By Plinio Corrêa de Oliveira
During
the month of May —the month of Mary— we feel a special protection of
Our Lady that extends to all the faithful; we feel a special joy that
shines and illuminates our hearts expressing the universal certainty of
Catholics that the indispensable patronage of our heavenly mother
becomes even more tender, more loving and more full of visible mercy and
exorable condescendence during her month of May.
Even after the
month of May passes, a remnant of this remains— if we have profited from
those thirty— one days especially consecrated to Our Lady. We are left
with an increased devotion, a keener confidence and, so to speak, such
an increased intimacy with Our Lady that in all the vicissitudes of life
we will know how to petition her with respectful insistence, hope in
her with invincible confidence and thank her with humble tenderness for
all the good she does us.
Our Lady is the Queen of Heaven and
Earth and, at the same time, our mother. We enter the month of May with
this conviction, and it becomes more deeply rooted in us when we leave
it, strengthening our faith and increasing our fortitude. May teaches us
to love Mary Most Holy for the glory she rightly possesses and for all
that she represents in the plans of Divine Providence. It also teaches
us to be more constant in our filial union with Mary.
Children
are never more sure of the loving vigilance of their mothers than when
they suffer. All of mankind suffers today; all peoples suffer —and in
every conceivable way.
Windstorms of impiety and skepticism sweep
through minds, and crazy whirlwinds of all types of messianism
devastate them. Nebulous, confused and rash ideas filter into every
milieu and mislead not only the wretched and the lukewarm, but sometimes
even those of whom greater constancy in the Faith is expected.
Those
who are tenaciously faithful to the fulfillment of duty suffer from all
the adversity they meet by their fidelity to the Law of Christ. Yet
those who transgress the Law also suffer, for without Christ every
pleasure is nothing but bitterness, and every joy is a lie.
Hearts
suffer, torn by the revolutionary psychological war, which is so
intense in our days. Bodies suffer, impoverished by work, undermined by
malady, overwhelmed by necessities of every kind.
The
contemporary world could be likened to the time when Our Lord was born
in Bethlehem: Its tortured mouth opens with a loud and agonizing groan,
the groan of the evildoers who live far removed from God and the groan
of the just who live tormented by the evildoers.
The more somber
circumstances become and the more excruciating sundry pains grow, the
more we should ask Our Lady to put an end to so much suffering—not
merely for our own relief, but for the greater benefit of our souls.

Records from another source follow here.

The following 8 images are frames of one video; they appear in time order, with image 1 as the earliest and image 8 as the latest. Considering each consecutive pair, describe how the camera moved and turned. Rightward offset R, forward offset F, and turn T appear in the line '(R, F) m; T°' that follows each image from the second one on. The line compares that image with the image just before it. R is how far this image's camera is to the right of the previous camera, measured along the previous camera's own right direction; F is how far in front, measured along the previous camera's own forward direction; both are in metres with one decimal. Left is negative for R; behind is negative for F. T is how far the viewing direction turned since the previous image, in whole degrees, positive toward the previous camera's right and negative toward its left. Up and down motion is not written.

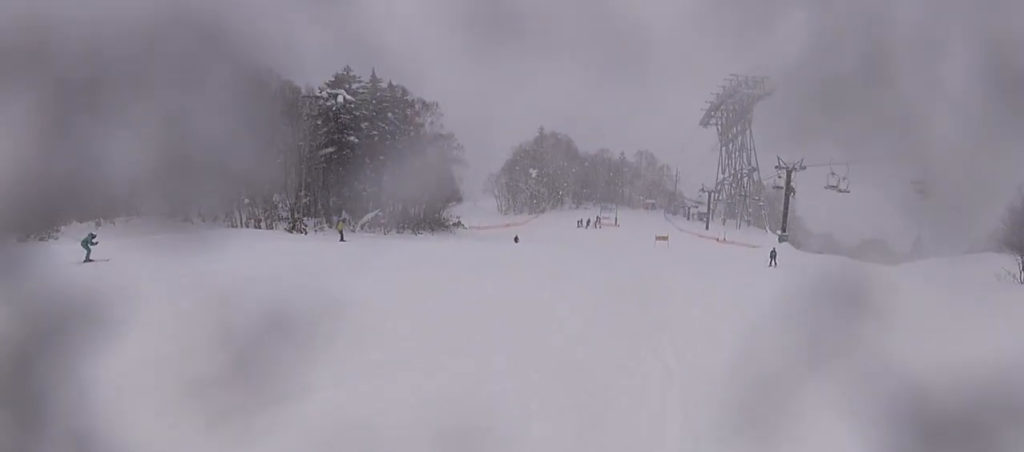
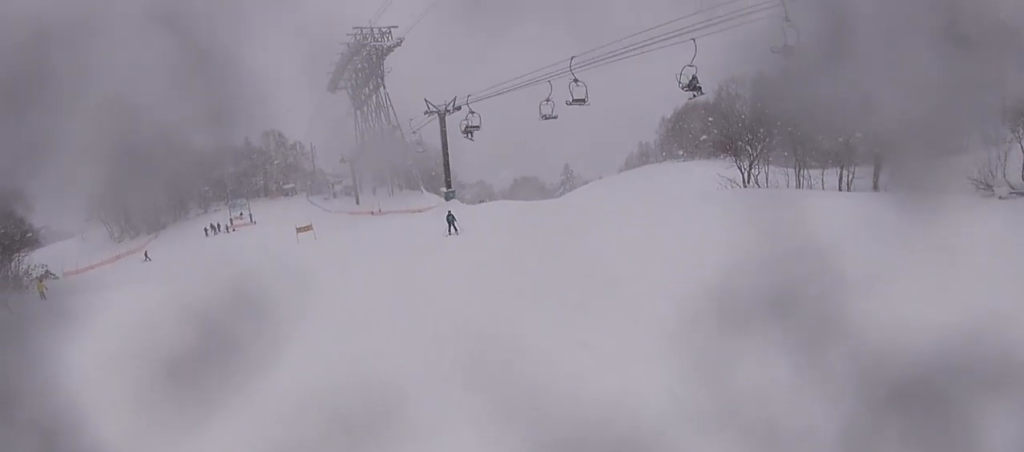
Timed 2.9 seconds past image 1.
(+5.9, +11.7) m; +46°
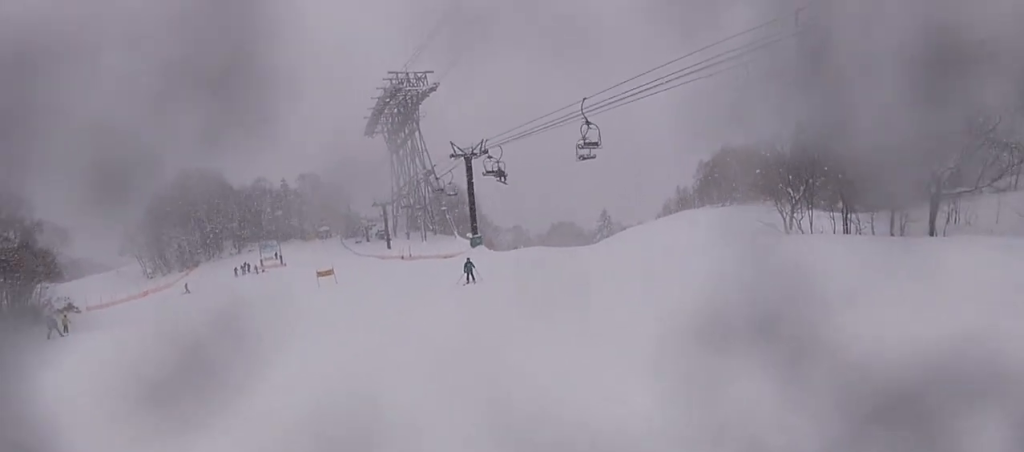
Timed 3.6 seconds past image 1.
(0.0, +3.0) m; -6°
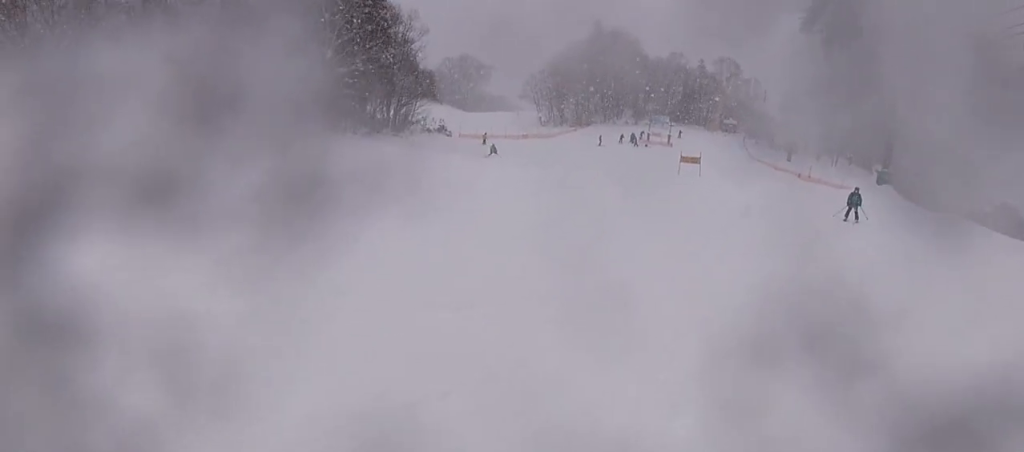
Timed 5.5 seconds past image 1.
(-2.8, +7.6) m; -39°
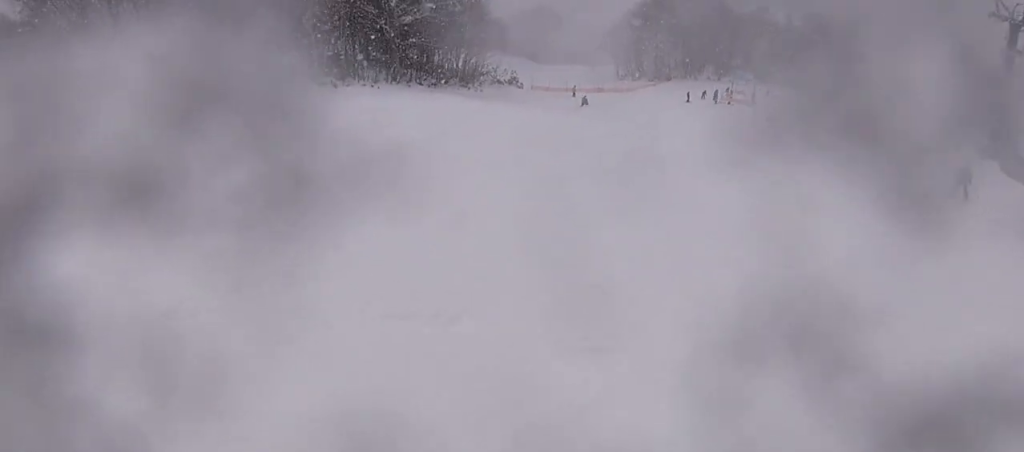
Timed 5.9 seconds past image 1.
(-0.2, +1.8) m; -5°
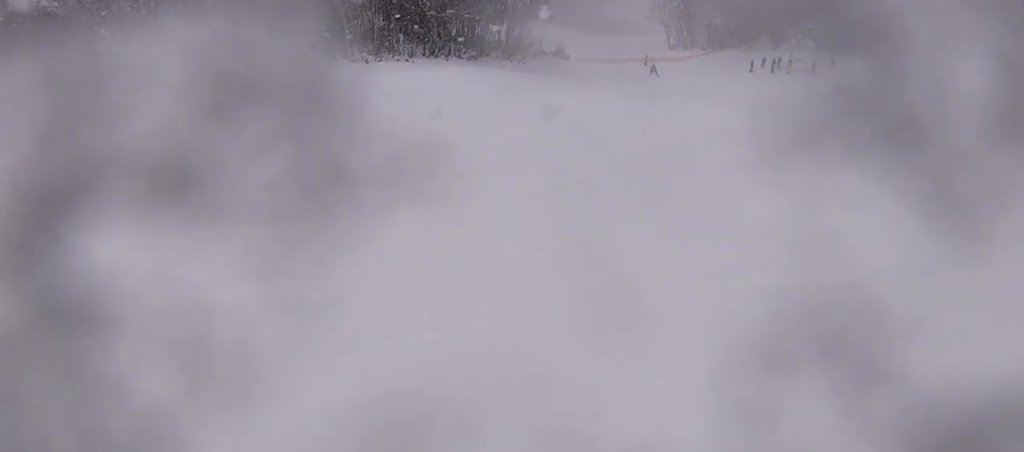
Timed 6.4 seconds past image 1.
(0.0, +2.1) m; +2°
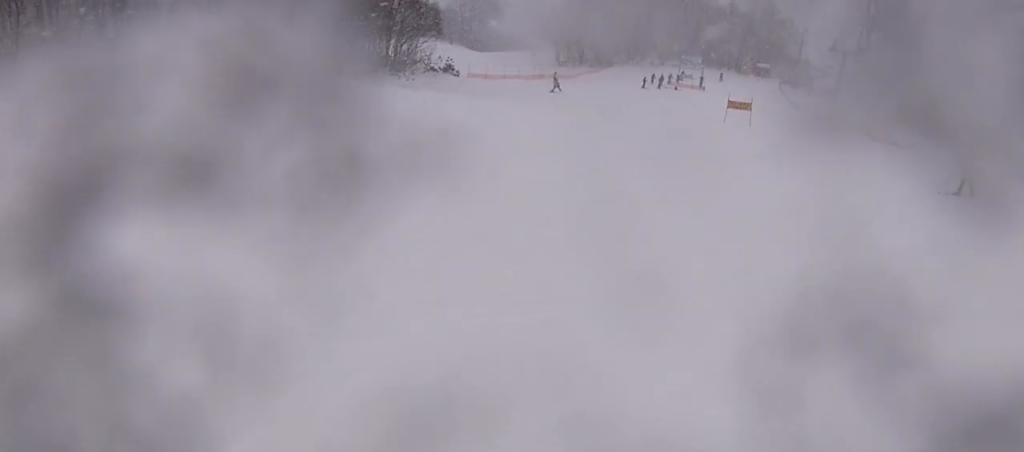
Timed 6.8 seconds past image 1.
(0.0, +1.6) m; +4°
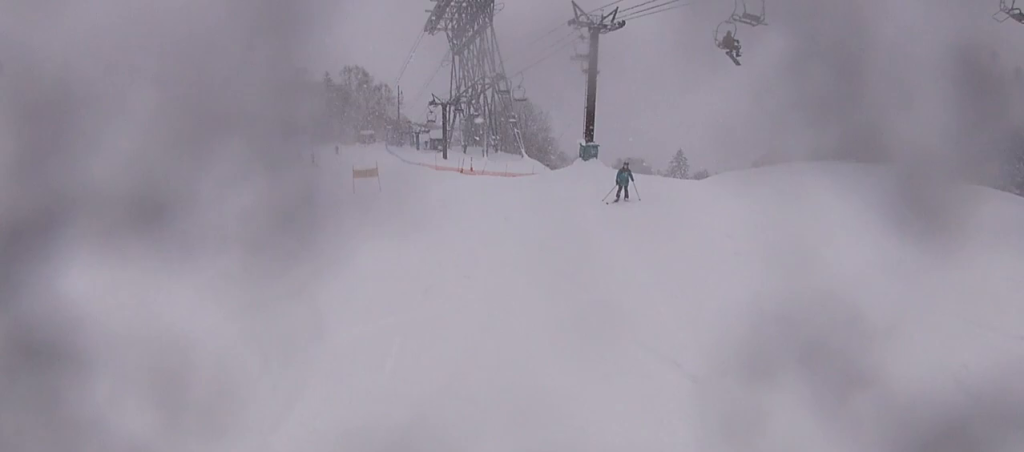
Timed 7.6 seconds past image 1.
(+0.1, +2.6) m; +23°

Sacred theology says that Our Lady's prayers anticipated the moment of
the world's redemption by the Messias. At this anguished moment in
history then, let us turn our eyes to Our Lady with confidence, asking
her to hasten the great moment we all await, when a new Pentecost will
kindle beacons of light and hope in this darkness and restore the
kingdom of Our Lord Jesus Christ on earth.
We should be like
Daniel, whom Holy Scripture describes as the "desideriorum vir," that
is, a man full of great desires. Let us desire many great things for the
glory of God. Let us always ask Our Lady for everything. And let us,
above all, ask her for that which the Sacred Liturgy beseeches of God:
"Emitte Spiritum tuum et creabuntur, et renovabis faciem terrae" (Send
forth Thy Spirit, and they shall be created; and Thou shalt renew the
face of the earth). We should ask, through the mediation of Our Lady,
that God once again send us the Holy Ghost with the plenitude of His
gifts so that His kingdom may be created anew and be purified by a
renewal of the face of the earth.
In the Divine Comedy, Dante
wrote that praying without the patronage of Our Lady is like wanting to
fly without wings. Let us then confide to Our Lady this heartfelt
yearning and desire. The hands of Mary will be for our prayer a pair of
pure wings that will carry it with certainty to the throne of God.